Current and past work ranges from designing elements of stand-alone procedures to an entire redesign of processes that permeate a system.  Examples are briefly summarized below:

  • Systematically analyzing and suggesting recommendations for redesigning electronic medical records systems to complement the needs of health care practitioners—to ease their work flow rather than hinder it.  
  • Assessing and redesigning stand-alone practices such as (1) the administration of heparin, and (2) assisting in the development of a Code Caesarean-Section policy.
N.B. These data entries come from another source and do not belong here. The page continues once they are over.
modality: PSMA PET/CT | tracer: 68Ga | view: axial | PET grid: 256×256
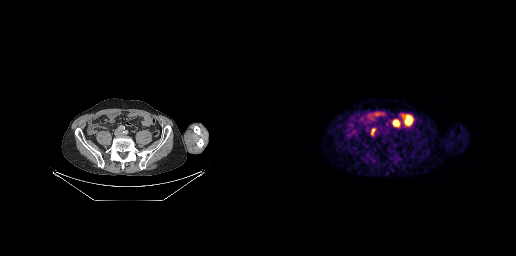
Coordinates are on the 256×256 PET (right) panel. PSMA-avid tumor lesion bounding box (x0,y0,x1,y1): [111,128,115,135].
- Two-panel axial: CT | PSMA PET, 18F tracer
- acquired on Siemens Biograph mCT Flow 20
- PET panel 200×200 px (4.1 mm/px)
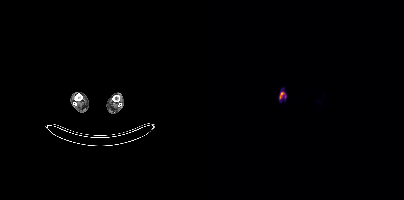
Findings: Coordinates are on the 200×200 PET (right) panel. PSMA-avid tumor lesion bounding box (x, y, width, height): x=75 y=92 w=7 h=8.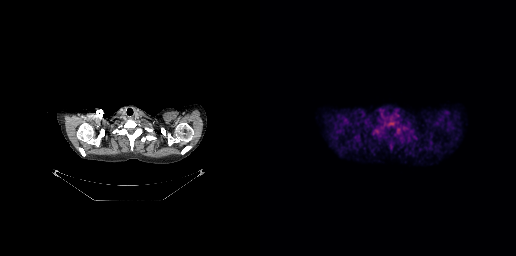
Left: CT. Right: PSMA PET, same axial level, [18F]PSMA-1007 tracer. Acquired on GE Discovery 690. PET panel 256×256 px (2.7 mm/px).
Coordinates are on the 256×256 PET (right) panel. PSMA-avid tumor lesion bounding boxes:
| # | x0 | y0 | x1 | y1 |
|---|---|---|---|---|
| 1 | 127 | 118 | 135 | 126 |
Small PSMA-avid focus (2 to 4 px across) near (center x, center y): (124, 124).
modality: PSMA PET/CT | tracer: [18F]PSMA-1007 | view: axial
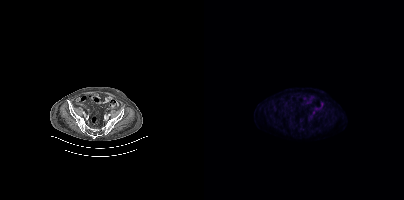
Coordinates are on the 200×200 PET (right) panel. Small PSMA-avid focus (2 to 4 px across) near (center x, center y): (109, 111).

  • Focusing on elements of complex procedures such as (1) an analysis and redesign of the OR (operating room) count process to prevent unintentionally retained foreign objects following surgery, (2) a focus on specimen handling procedures in ORs, and (3) designing the Safe Surgery Process (beginning in Pre-Op) to ensure that the correct patient receives the correct surgery at the correct site. (The Joint Commission is allowing the Safe Surgery Process to be piloted in Minnesota hospitals as an alternative to the Universal Protocol.) The Safe Surgery Process is undergoing implementation in most Minnesota Hospitals and other hospitals throught the United States.
  • Investigating and redesigning the work flow on patient care units, with a focus on implementing effective and efficient patient care and minimizing medication errors.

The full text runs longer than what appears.